Entropy is a term often associated with randomness and disorder. In the language of physics, it is the measure of how disorderly a system is, an actual quantity, shown the symbol ‘S’. Furthermore, it is used in statistical mechanics, as it is related to the number of microscopic configurations that a thermodynamic system can have when in a state controlled by macro variables. The entropy of a system is the natural logarithm of the number of said configurations. This is all very complex and heavily advanced, that’s why I will focus on the simple meaning of entropy, along with its relation to the second law of thermodynamics.
The second law of thermodynamics says that in any cyclical process, entropy stays the same or increases. In terms of heat transfer, it states that heat flows from an area of high concentration to an area of low concentration, i.e. heat goes from a hot place to a cold place until it reaches equilibrium. Think about putting a hot cup of coffee on a table, the heat from the cup warms up the air and table beneath it, not the other way around. The second law of thermodynamics is an observation of such phenomenon, as we see that heat will never flow from cold to a hot space, within an isolated system.

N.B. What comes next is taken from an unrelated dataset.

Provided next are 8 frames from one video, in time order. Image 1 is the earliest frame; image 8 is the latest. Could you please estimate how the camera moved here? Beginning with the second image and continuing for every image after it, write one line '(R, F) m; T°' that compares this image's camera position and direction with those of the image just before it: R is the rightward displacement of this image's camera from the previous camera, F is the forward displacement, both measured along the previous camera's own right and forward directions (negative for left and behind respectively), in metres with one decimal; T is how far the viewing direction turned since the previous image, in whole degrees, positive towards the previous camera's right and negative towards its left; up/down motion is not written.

You might think that a fridge violates this law, but this isn’t the case as the fridge isn’t isolated. To have a net flow of energy from a cold to a hot area, you need to have work done. External energy is required for heat to flow to a hotter place; hence a fridge running on electricity. When the electric supply is stopped, no work is being done; therefore heat will start to flow to the colder area. The link to entropy is that in terms of the physical world, a concentration of heat symbolizes high levels of organization, and an absence of heat shows disorder.
An alternative definition of the second law of thermodynamics is that it is impossible to have 100% efficiency; you can’t extract an amount of heat, Q, and use it all to do work, W. A proportion of the heat is lost to the environment. It is this law that forbids the perfect heat engine. There is a limit to how efficient a heat engine can be, as it is bound by the second law; and this is the Carnot efficiency.

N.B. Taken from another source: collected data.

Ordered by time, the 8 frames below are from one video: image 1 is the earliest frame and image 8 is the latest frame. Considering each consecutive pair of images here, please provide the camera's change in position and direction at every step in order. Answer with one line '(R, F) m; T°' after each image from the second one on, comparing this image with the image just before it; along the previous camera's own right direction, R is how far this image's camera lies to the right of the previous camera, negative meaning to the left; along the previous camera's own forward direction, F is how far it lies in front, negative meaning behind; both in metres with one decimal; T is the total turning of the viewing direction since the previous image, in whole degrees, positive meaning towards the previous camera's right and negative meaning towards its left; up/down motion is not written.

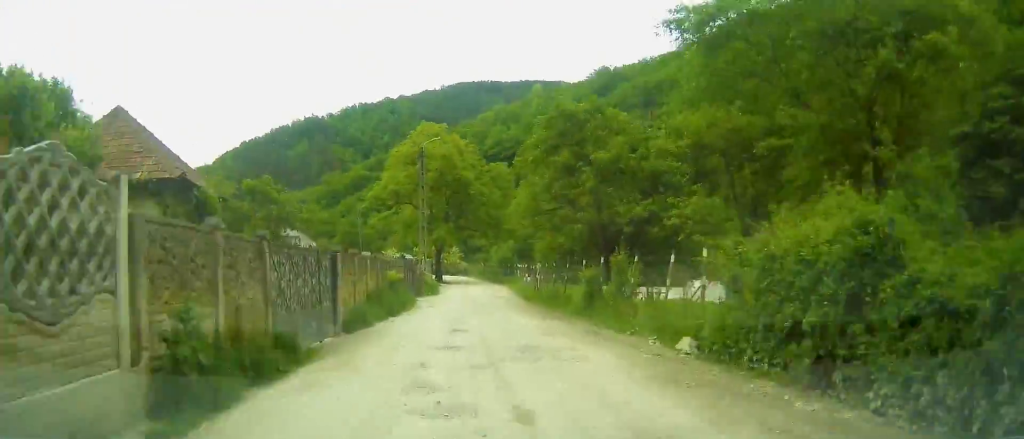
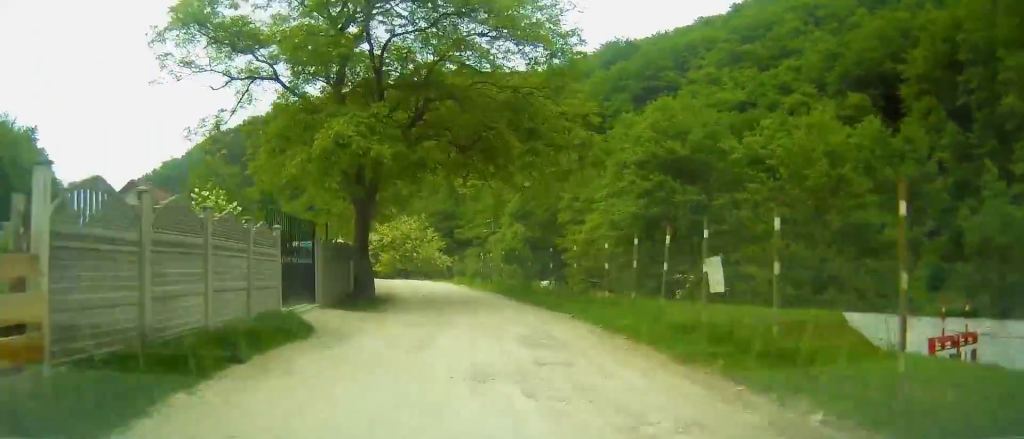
(+0.2, +38.4) m; -2°
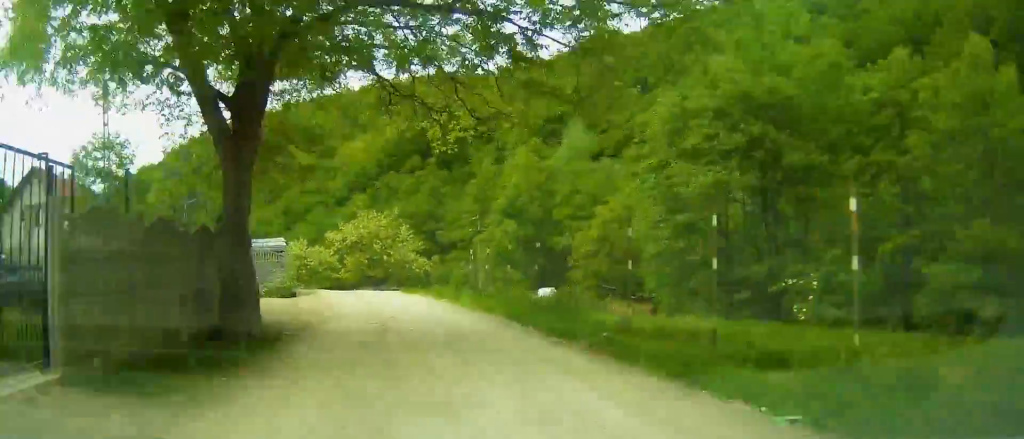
(-0.1, +10.2) m; -2°
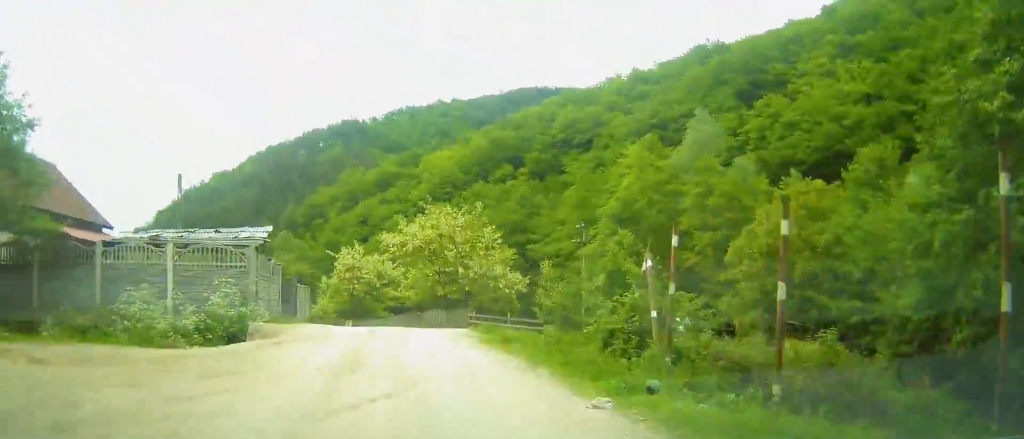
(-0.2, +15.2) m; -5°
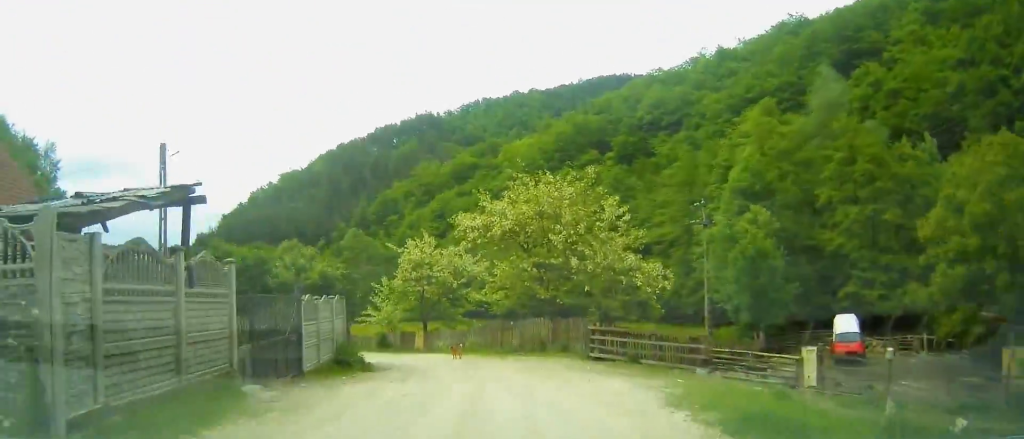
(-0.5, +11.1) m; -5°
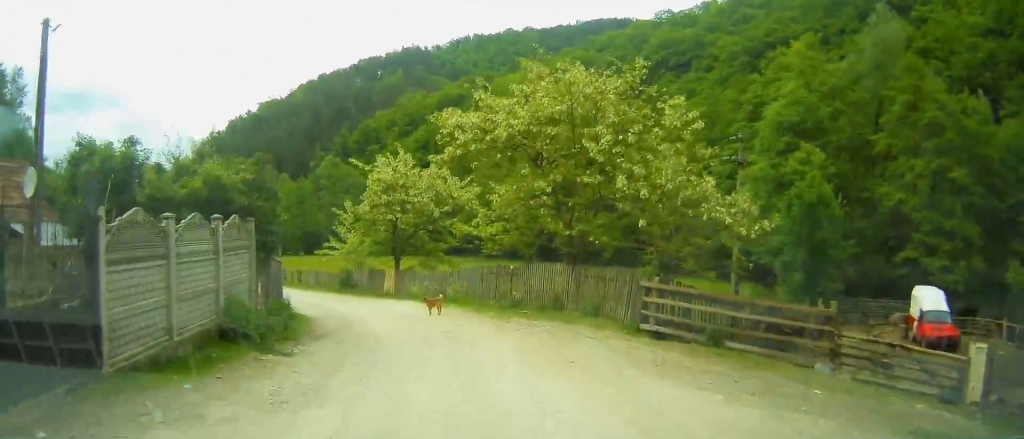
(-0.3, +8.4) m; -5°
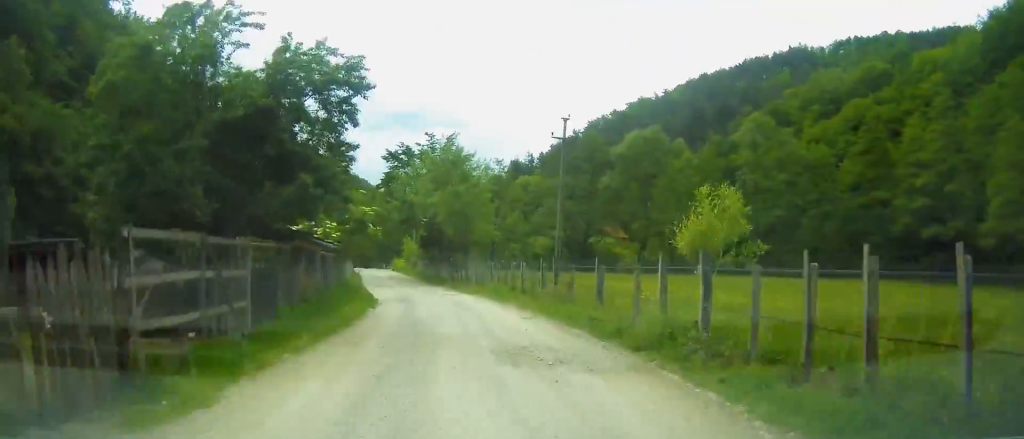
(-19.0, +59.5) m; -28°
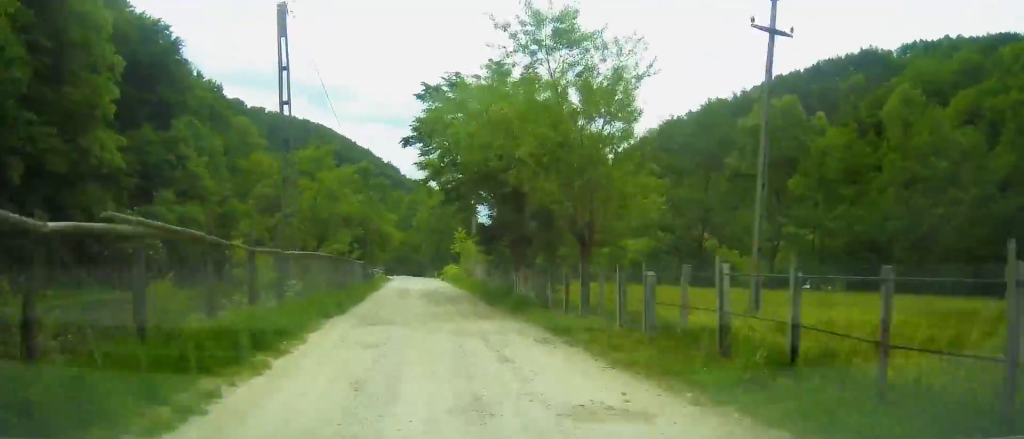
(-0.8, +19.9) m; -2°

However, it is important to note that the Carnot efficiency is just a theoretical figure, real like machines are far less efficient. Theoretically, the most efficient heat engine cycle is the Carnot cycle. In order to approach the Carnot efficiency must be reversible and no change in entropy. This statement shows how the Carnot cycle is an idealization since no real engine processes are reversible and all real physical processes involve an increase in entropy. Furthermore, Carnot engine cycle isn’t practical because the heat transfer in the isothermal process is far too slow to be practical. The engine whilst being extremely efficient would be so slow that there really is no use to it.
We have seen how entropy has many meanings, from being a measure of disorder to being a measure of the amount of energy which is unavailable to be used for work. But its most impressive definition is its use of a timescale. Since entropy gives information about how an isolated system has changed, concerning its particles and their energy, it gives us the direction of time. If we are given two snapshots of a system from two different time scales, we can tell which one came last, as it will be the most disordered one. Any isolated system in the universe, ‘flows’ with disorder, in the sense that events will take place on a course that leads to higher entropy.

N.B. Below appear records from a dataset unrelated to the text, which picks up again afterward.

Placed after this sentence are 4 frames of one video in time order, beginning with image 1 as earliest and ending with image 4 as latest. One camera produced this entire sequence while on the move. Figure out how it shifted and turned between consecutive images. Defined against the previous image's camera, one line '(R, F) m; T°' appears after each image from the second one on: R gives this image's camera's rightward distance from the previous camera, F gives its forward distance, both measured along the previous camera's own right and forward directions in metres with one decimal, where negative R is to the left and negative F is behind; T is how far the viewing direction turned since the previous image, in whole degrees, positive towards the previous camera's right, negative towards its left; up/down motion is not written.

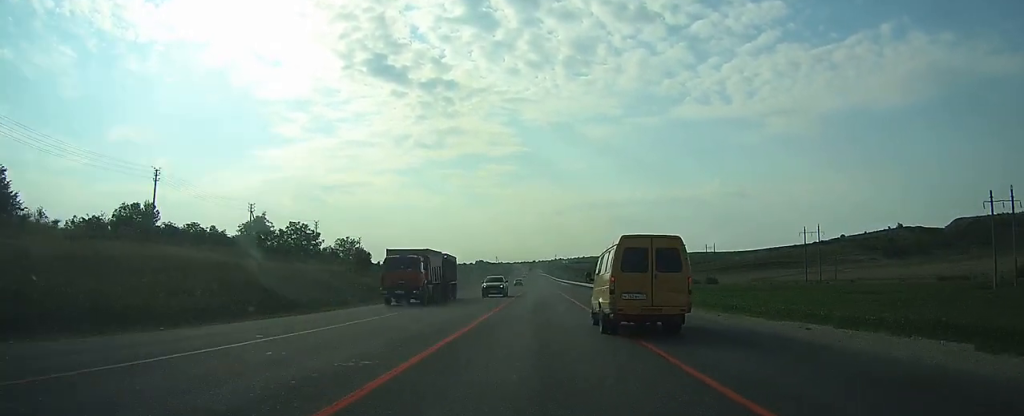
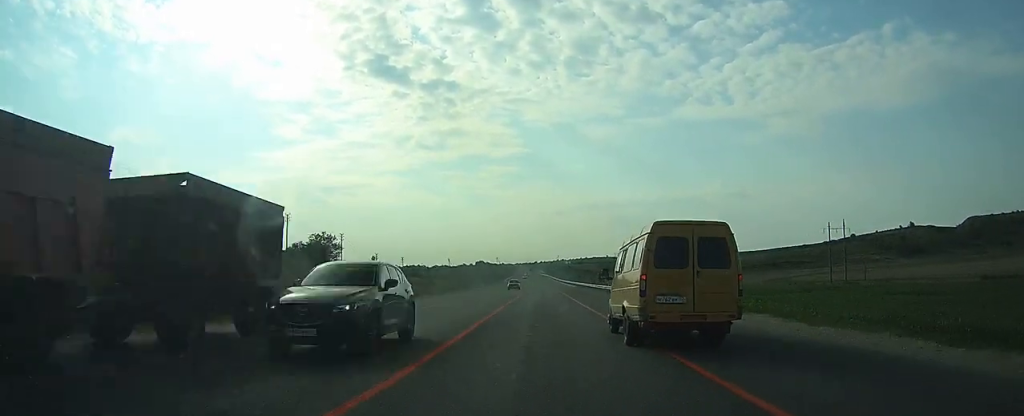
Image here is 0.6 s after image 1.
(-0.1, +17.2) m; 0°
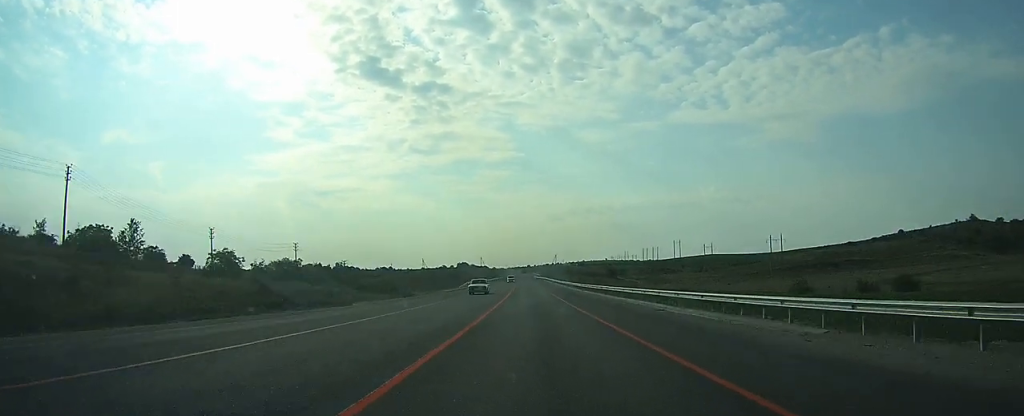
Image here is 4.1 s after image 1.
(-0.1, +95.3) m; 0°
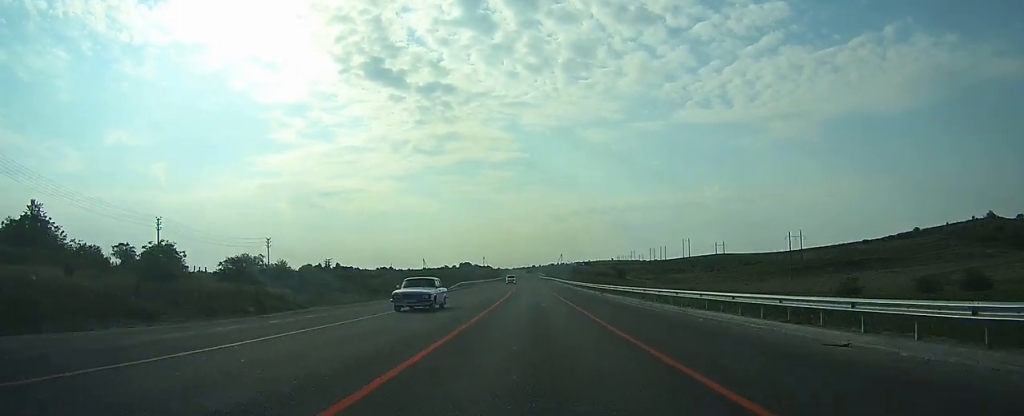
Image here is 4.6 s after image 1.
(0.0, +16.1) m; 0°

Other examples of entropy are all around us in our everyday lives. An ice-cube sitting on a table top will melt into water. Ice is a state of order because the structure of the molecules is organized and fixed, whereas water represents a state of disorders, as water molecules aren’t fixed and can flow wherever.
Cleaning up your room is an example of how you need work done to get to a state of high order. In your everyday actions, you place objects randomly around your name, because it is the easiest thing to do, in terms of energy used. This increases how disorderly the room begins. When you decide to clean your room, you use a large amount of energy and work done to achieve a state of order. Similarly with a car, if you don’t drive it for a number of years, it will break down and achieve a state of disorder.
Entropy is all around us and governs what we can and can’t do, and how much energy we need to carry out such actions. It is the universe’s natural timeline and is a cruel master; because it tells us that we will always lose out when using energy. There will never be a 100% efficient isolated system because the universe simply won’t allow it.